Is sitting at your desk killing you?

When I first started writing, I’d write for hours. Literally hours, without moving. I’d get to that white hot place where the story literally pours from my fingers and I couldn’t stop it if I tried. It felt fantastic.Until I tried to get up.

My legs would lock — or worse, get so swollen I could barely bend my knees. My neck felt like it had been set in stone — and my ongoing back issues often got into the mix. Vertebrae popped and snapped and kinked, and I’d feel feel every bit of it. Then I started to feel numbness. First in my hands and feet. Then elsewhere. Nasty nasty business, all of it.
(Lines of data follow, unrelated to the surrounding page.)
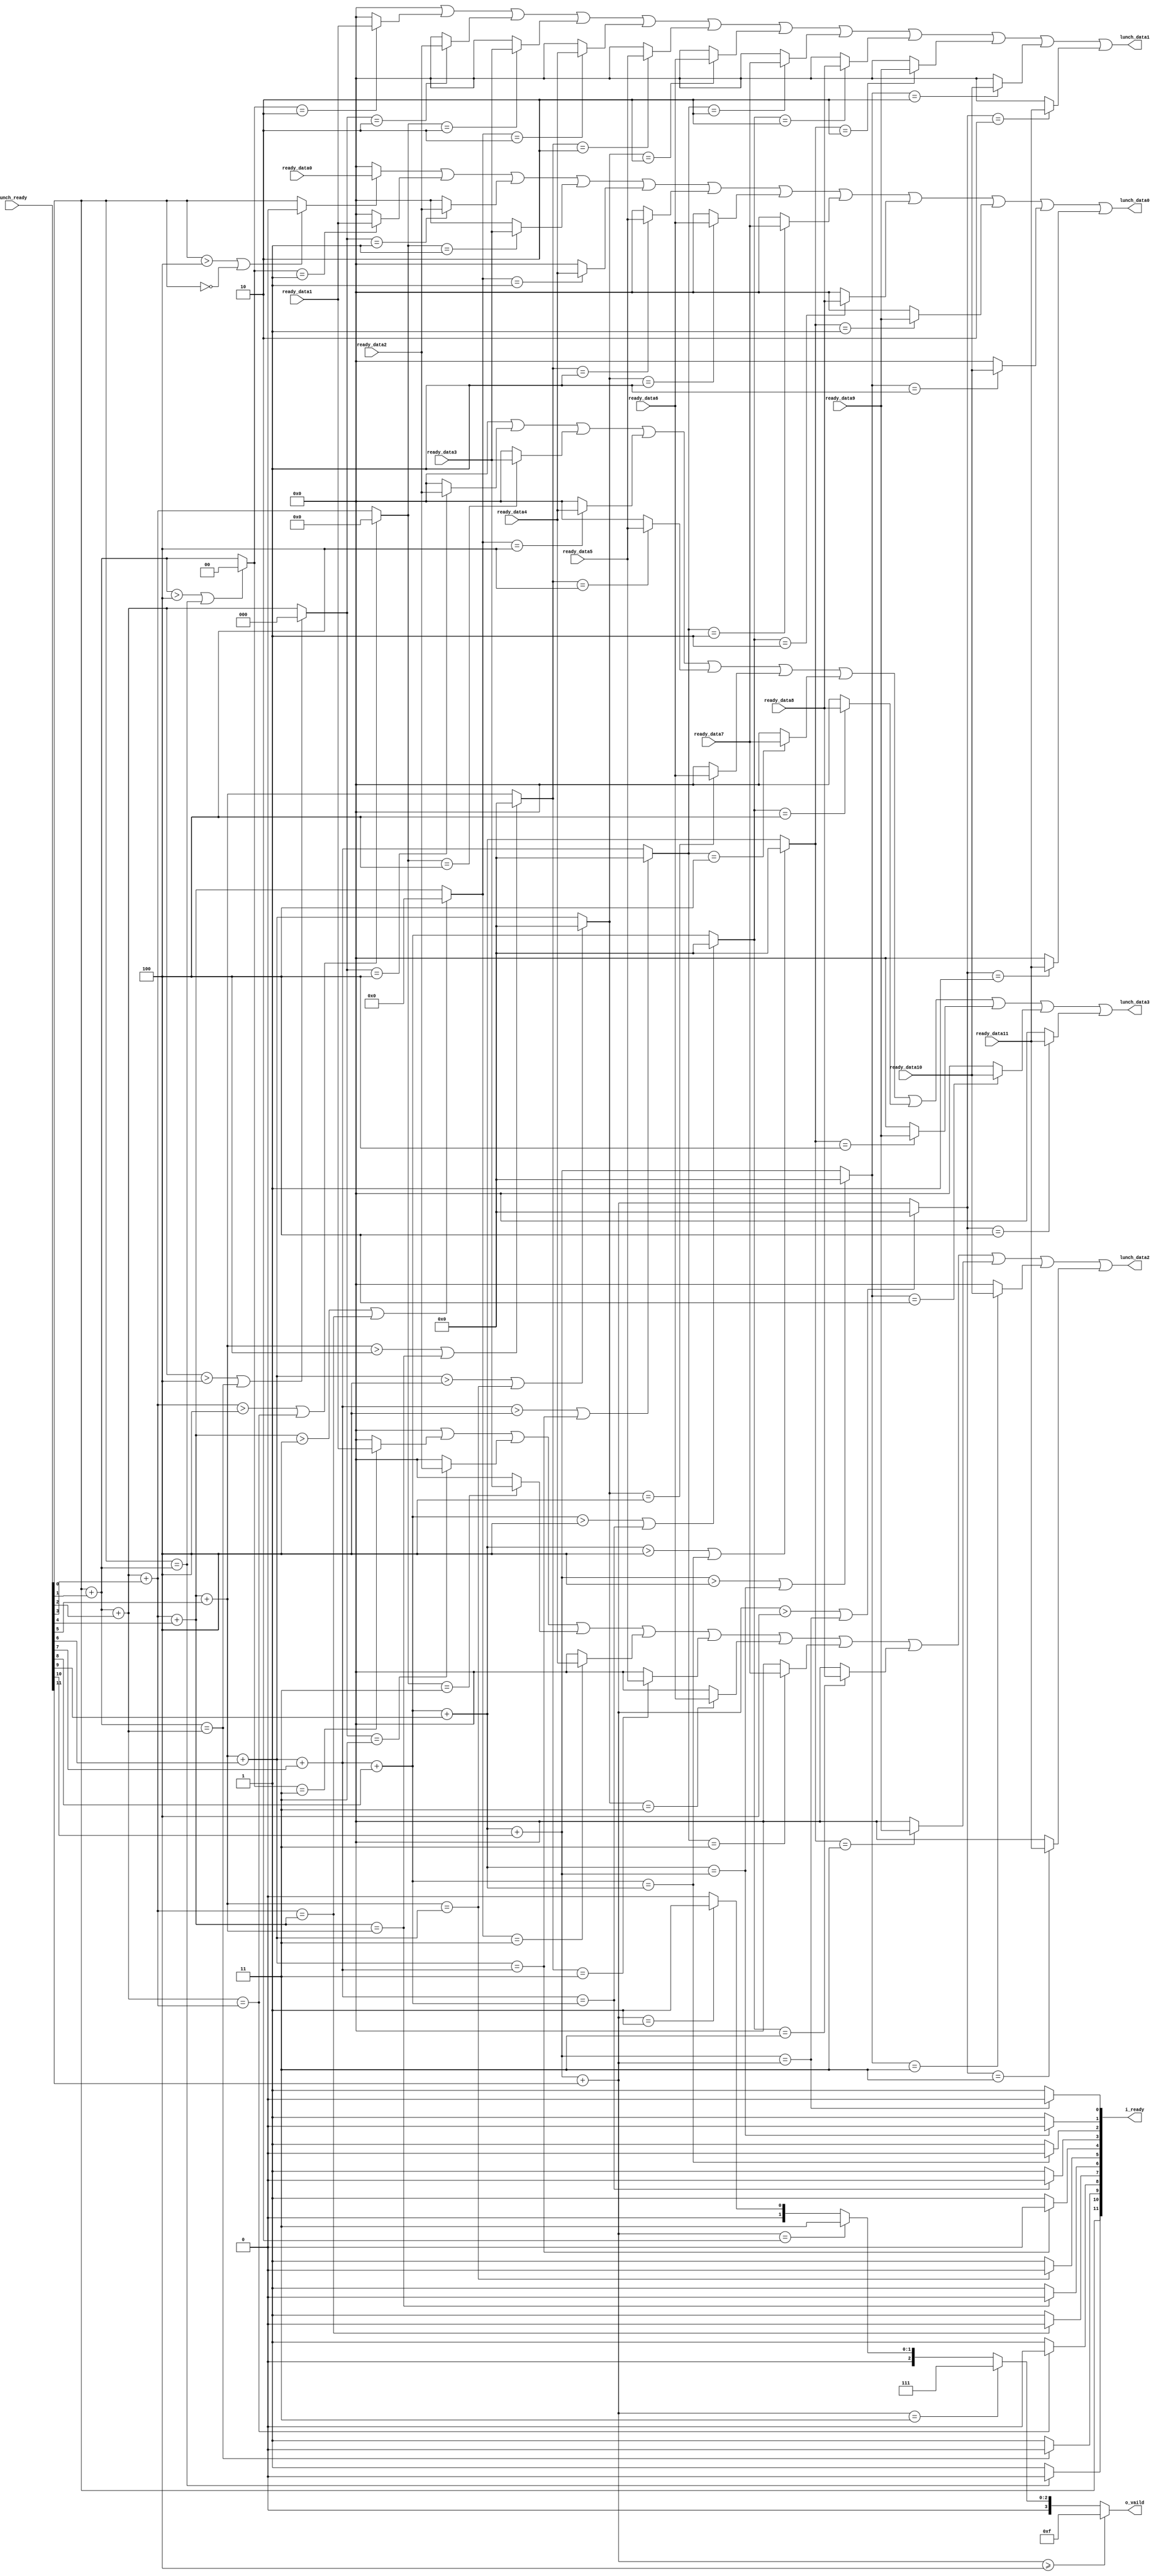
module arb_12_4(                 //from low

input [159:0] ready_data0 ,
input [159:0] ready_data1 ,
input [159:0] ready_data2 ,
input [159:0] ready_data3 ,
input [159:0] ready_data4 ,
input [159:0] ready_data5 ,
input [159:0] ready_data6 ,
input [159:0] ready_data7 ,
input [159:0] ready_data8 ,
input [159:0] ready_data9 ,
input [159:0] ready_data10,
input [159:0] ready_data11,

input [11:0]lunch_ready,

output [159:0] lunch_data0,
output [159:0] lunch_data1,
output [159:0] lunch_data2,
output [159:0] lunch_data3,

output [3:0] o_vaild,


output [11:0] i_ready

);

wire [5:0] cnt_0 =lunch_ready[0];
wire [5:0] cnt_1 =lunch_ready[0]+lunch_ready[1];
wire [5:0] cnt_2 =lunch_ready[0]+lunch_ready[1]+lunch_ready[2];
wire [5:0] cnt_3 =lunch_ready[0]+lunch_ready[1]+lunch_ready[2]+lunch_ready[3];
wire [5:0] cnt_4 =lunch_ready[0]+lunch_ready[1]+lunch_ready[2]+lunch_ready[3]+lunch_ready[4];
wire [5:0] cnt_5 =lunch_ready[0]+lunch_ready[1]+lunch_ready[2]+lunch_ready[3]+lunch_ready[4]+lunch_ready[5];
wire [5:0] cnt_6 =lunch_ready[0]+lunch_ready[1]+lunch_ready[2]+lunch_ready[3]+lunch_ready[4]+lunch_ready[5]+lunch_ready[6];
wire [5:0] cnt_7 =lunch_ready[0]+lunch_ready[1]+lunch_ready[2]+lunch_ready[3]+lunch_ready[4]+lunch_ready[5]+lunch_ready[6]+lunch_ready[7];
wire [5:0] cnt_8 =lunch_ready[0]+lunch_ready[1]+lunch_ready[2]+lunch_ready[3]+lunch_ready[4]+lunch_ready[5]+lunch_ready[6]+lunch_ready[7]+lunch_ready[8];
wire [5:0] cnt_9 =lunch_ready[0]+lunch_ready[1]+lunch_ready[2]+lunch_ready[3]+lunch_ready[4]+lunch_ready[5]+lunch_ready[6]+lunch_ready[7]+lunch_ready[8]+lunch_ready[9];
wire [5:0] cnt_10=lunch_ready[0]+lunch_ready[1]+lunch_ready[2]+lunch_ready[3]+lunch_ready[4]+lunch_ready[5]+lunch_ready[6]+lunch_ready[7]+lunch_ready[8]+lunch_ready[9]+lunch_ready[10];
wire [5:0] cnt_11=lunch_ready[0]+lunch_ready[1]+lunch_ready[2]+lunch_ready[3]+lunch_ready[4]+lunch_ready[5]+lunch_ready[6]+lunch_ready[7]+lunch_ready[8]+lunch_ready[9]+lunch_ready[10]+lunch_ready[11];

assign o_vaild=(cnt_11>=4)?4'b1111:(cnt_11==3)?4'b0111:(cnt_11==2)?4'b0011:(cnt_11==1)?4'b0001:0;

wire t_cnt_0 =lunch_ready[0];
wire t_cnt_1 =(cnt_0 == cnt_1 )?1'b0:1'b1;
wire t_cnt_2 =(cnt_1 == cnt_2 )?1'b0:1'b1;
wire t_cnt_3 =(cnt_2 == cnt_3 )?1'b0:1'b1;
wire t_cnt_4 =(cnt_3 == cnt_4 )?1'b0:1'b1;
wire t_cnt_5 =(cnt_4 == cnt_5 )?1'b0:1'b1;
wire t_cnt_6 =(cnt_5 == cnt_6 )?1'b0:1'b1;
wire t_cnt_7 =(cnt_6 == cnt_7 )?1'b0:1'b1;
wire t_cnt_8 =(cnt_7 == cnt_8 )?1'b0:1'b1;
wire t_cnt_9 =(cnt_8 == cnt_9 )?1'b0:1'b1;
wire t_cnt_10=(cnt_9 == cnt_10)?1'b0:1'b1;
wire t_cnt_11=(cnt_10== cnt_11)?1'b0:1'b1;

assign i_ready={t_cnt_0 ,
                t_cnt_1 ,
                t_cnt_2 ,
                t_cnt_3 ,
                t_cnt_4 ,
                t_cnt_5 ,
                t_cnt_6 ,
                t_cnt_7 ,
                t_cnt_8 ,
                t_cnt_9 ,
                t_cnt_10,
                t_cnt_11};

//index

wire [5:0] m0_cnt_0 =(cnt_0 >4 | t_cnt_0 ==0 )?0:cnt_0 ;
wire [5:0] m0_cnt_1 =(cnt_1 >4 | t_cnt_1 ==0 )?0:cnt_1 ;
wire [5:0] m0_cnt_2 =(cnt_2 >4 | t_cnt_2 ==0 )?0:cnt_2 ;
wire [5:0] m0_cnt_3 =(cnt_3 >4 | t_cnt_3 ==0 )?0:cnt_3 ;
wire [5:0] m0_cnt_4 =(cnt_4 >4 | t_cnt_4 ==0 )?0:cnt_4 ;
wire [5:0] m0_cnt_5 =(cnt_5 >4 | t_cnt_5 ==0 )?0:cnt_5 ;
wire [5:0] m0_cnt_6 =(cnt_6 >4 | t_cnt_6 ==0 )?0:cnt_6 ;
wire [5:0] m0_cnt_7 =(cnt_7 >4 | t_cnt_7 ==0 )?0:cnt_7 ;
wire [5:0] m0_cnt_8 =(cnt_8 >4 | t_cnt_8 ==0 )?0:cnt_8 ;
wire [5:0] m0_cnt_9 =(cnt_9 >4 | t_cnt_9 ==0 )?0:cnt_9 ;
wire [5:0] m0_cnt_10=(cnt_10>4 | t_cnt_10==0 )?0:cnt_10;
wire [5:0] m0_cnt_11=(cnt_11>4 | t_cnt_11==0 )?0:cnt_11;


wire [159:0] i1_ready_data0 =(m0_cnt_0 ==1)?ready_data0 :0;
wire [159:0] i1_ready_data1 =(m0_cnt_1 ==1)?ready_data1 :0;
wire [159:0] i1_ready_data2 =(m0_cnt_2 ==1)?ready_data2 :0;
wire [159:0] i1_ready_data3 =(m0_cnt_3 ==1)?ready_data3 :0;
wire [159:0] i1_ready_data4 =(m0_cnt_4 ==1)?ready_data4 :0;
wire [159:0] i1_ready_data5 =(m0_cnt_5 ==1)?ready_data5 :0;
wire [159:0] i1_ready_data6 =(m0_cnt_6 ==1)?ready_data6 :0;
wire [159:0] i1_ready_data7 =(m0_cnt_7 ==1)?ready_data7 :0;
wire [159:0] i1_ready_data8 =(m0_cnt_8 ==1)?ready_data8 :0;
wire [159:0] i1_ready_data9 =(m0_cnt_9 ==1)?ready_data9 :0;
wire [159:0] i1_ready_data10=(m0_cnt_10==1)?ready_data10:0;
wire [159:0] i1_ready_data11=(m0_cnt_11==1)?ready_data11:0;
wire [159:0] i2_ready_data0 =(m0_cnt_0 ==2)?ready_data0 :0;
wire [159:0] i2_ready_data1 =(m0_cnt_1 ==2)?ready_data1 :0;
wire [159:0] i2_ready_data2 =(m0_cnt_2 ==2)?ready_data2 :0;
wire [159:0] i2_ready_data3 =(m0_cnt_3 ==2)?ready_data3 :0;
wire [159:0] i2_ready_data4 =(m0_cnt_4 ==2)?ready_data4 :0;
wire [159:0] i2_ready_data5 =(m0_cnt_5 ==2)?ready_data5 :0;
wire [159:0] i2_ready_data6 =(m0_cnt_6 ==2)?ready_data6 :0;
wire [159:0] i2_ready_data7 =(m0_cnt_7 ==2)?ready_data7 :0;
wire [159:0] i2_ready_data8 =(m0_cnt_8 ==2)?ready_data8 :0;
wire [159:0] i2_ready_data9 =(m0_cnt_9 ==2)?ready_data9 :0;
wire [159:0] i2_ready_data10=(m0_cnt_10==2)?ready_data10:0;
wire [159:0] i2_ready_data11=(m0_cnt_11==2)?ready_data11:0;
wire [159:0] i3_ready_data0 =(m0_cnt_0 ==3)?ready_data0 :0;
wire [159:0] i3_ready_data1 =(m0_cnt_1 ==3)?ready_data1 :0;
wire [159:0] i3_ready_data2 =(m0_cnt_2 ==3)?ready_data2 :0;
wire [159:0] i3_ready_data3 =(m0_cnt_3 ==3)?ready_data3 :0;
wire [159:0] i3_ready_data4 =(m0_cnt_4 ==3)?ready_data4 :0;
wire [159:0] i3_ready_data5 =(m0_cnt_5 ==3)?ready_data5 :0;
wire [159:0] i3_ready_data6 =(m0_cnt_6 ==3)?ready_data6 :0;
wire [159:0] i3_ready_data7 =(m0_cnt_7 ==3)?ready_data7 :0;
wire [159:0] i3_ready_data8 =(m0_cnt_8 ==3)?ready_data8 :0;
wire [159:0] i3_ready_data9 =(m0_cnt_9 ==3)?ready_data9 :0;
wire [159:0] i3_ready_data10=(m0_cnt_10==3)?ready_data10:0;
wire [159:0] i3_ready_data11=(m0_cnt_11==3)?ready_data11:0;
wire [159:0] i4_ready_data0 =(m0_cnt_0 ==4)?ready_data0 :0;
wire [159:0] i4_ready_data1 =(m0_cnt_1 ==4)?ready_data1 :0;
wire [159:0] i4_ready_data2 =(m0_cnt_2 ==4)?ready_data2 :0;
wire [159:0] i4_ready_data3 =(m0_cnt_3 ==4)?ready_data3 :0;
wire [159:0] i4_ready_data4 =(m0_cnt_4 ==4)?ready_data4 :0;
wire [159:0] i4_ready_data5 =(m0_cnt_5 ==4)?ready_data5 :0;
wire [159:0] i4_ready_data6 =(m0_cnt_6 ==4)?ready_data6 :0;
wire [159:0] i4_ready_data7 =(m0_cnt_7 ==4)?ready_data7 :0;
wire [159:0] i4_ready_data8 =(m0_cnt_8 ==4)?ready_data8 :0;
wire [159:0] i4_ready_data9 =(m0_cnt_9 ==4)?ready_data9 :0;
wire [159:0] i4_ready_data10=(m0_cnt_10==4)?ready_data10:0;
wire [159:0] i4_ready_data11=(m0_cnt_11==4)?ready_data11:0;

assign lunch_data0= i1_ready_data0 |
                    i1_ready_data1 |
                    i1_ready_data2 |
                    i1_ready_data3 |
                    i1_ready_data4 |
                    i1_ready_data5 |
                    i1_ready_data6 |
                    i1_ready_data7 |
                    i1_ready_data8 |
                    i1_ready_data9 |
                    i1_ready_data10|
                    i1_ready_data11;

assign lunch_data1= i2_ready_data0 |
                    i2_ready_data1 |
                    i2_ready_data2 |
                    i2_ready_data3 |
                    i2_ready_data4 |
                    i2_ready_data5 |
                    i2_ready_data6 |
                    i2_ready_data7 |
                    i2_ready_data8 |
                    i2_ready_data9 |
                    i2_ready_data10|
                    i2_ready_data11;

assign lunch_data2= i3_ready_data0 |
                    i3_ready_data1 |
                    i3_ready_data2 |
                    i3_ready_data3 |
                    i3_ready_data4 |
                    i3_ready_data5 |
                    i3_ready_data6 |
                    i3_ready_data7 |
                    i3_ready_data8 |
                    i3_ready_data9 |
                    i3_ready_data10|
                    i3_ready_data11;

assign lunch_data3= i4_ready_data0 |
                    i4_ready_data1 |
                    i4_ready_data2 |
                    i4_ready_data3 |
                    i4_ready_data4 |
                    i4_ready_data5 |
                    i4_ready_data6 |
                    i4_ready_data7 |
                    i4_ready_data8 |
                    i4_ready_data9 |
                    i4_ready_data10|
                    i4_ready_data11;

endmodule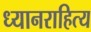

The last time I allowed myself to get to that state was three or four years ago. , I went to my chiropractor  to “get the kinks out,” even though I knew  it was worse than that. I’d gone on a writing binge, and my back felt like it had been formed from two by fours bound together by barbed wire. My hands and feet were going numb. My neck was so stiff I could barely shoulder check.

“I think I overdid it a bit,” I said as I tried to lie down on the table, so he could work on me.

I’d been going to him for a few years. I think my father was the first to go to him from our family (he had long running back issues, relating to bad genetics and too much hard work over his life), but soon we were all going to him. He was a great guy, and always ready with a quick smile and a true concern for our health.

“Let me see,” he said, and began to check my back.

“Hmm,” he said. I tried to turn my head to see if he was still smiling, but I couldn’t.

“Everything all right?” I asked.

“No,” he said. “Like wood.”


“Your back and neck are like chunks of wood,” he said. “What have you been doing?”

“Writing,” I said.

“That’s all?” he asked.

“That’s all.”

“Hmm,” he said again, and I knew, even without seeing his face, that we was not smiling. Not even a little bit.

Long story short, it took weeks for him to get my flexibility back. And then I had to promise, on my honour, that I would NEVER write like that again.

No more six or longer hour stretches without moving. No more weeks and weeks of no exercise. And no more no stretching every night. Absolutely every night.

I bought a yoga mat and my chiropractor gave me a sheet describing all the stretches I would have to do, every night for the rest of my life. Of course I lost that sheet, couldn’t remember half the stretches, and ended back at his office. I wasn’t in as bad shape as I had been before, but still, bad enough.

“Have you been doing the stretches?” he asked.

I confessed I’d lost the sheet, so he gave me another. I followed it religiously for a few months, then lost it again. I was so embarrassed, I went out and found a book of stretches that I still have.

The stretches are really a life saver, but they are not the only thing that I now do, more or less religiously.

On top of the stretches, I make certain that I get up every hour and do something physical. Go out and play with the dogs. Vacuum something. Clean a bathroom. Whatever. Just so I get the blood moving before I go back. At the very least, I walk up and down a flight of stairs a couple of times before I go back to work

I try to remember to exercise at least three times a week. It’s better if I do it every day, but three times a week keeps everything limber.

I use an exercise ball as a chair while I write. This works wonderfully to keep my muscles from seizing up. It looks silly, but it really works.

Believe me, these were some of the hardest lessons I’ve had to learn. I LOVE getting to the white hot place where the story is everything… and some days, I can’t get there when I get up every hour. However, I physically feel better, much bette, now, so I sacrifice. And sometimes, I can get there, even if it is for just one hour.

It’s really hard to stop writing and take a break, but I (mostly) do it. I never want to feel that horrible again, and I don’t like making my chiropractor frown. (He’s such a pleasant man!)

Here is an article talking about the dangers of sitting too much.  And the book of stretches? It’s called “Stretching” by Bob Anderson, and can be found everywhere. (This version even has stretching routines for office workers…)

What do you do to keep yourself healthy and limber while you write? Any of this? All of it? None of it? I’d love to hear!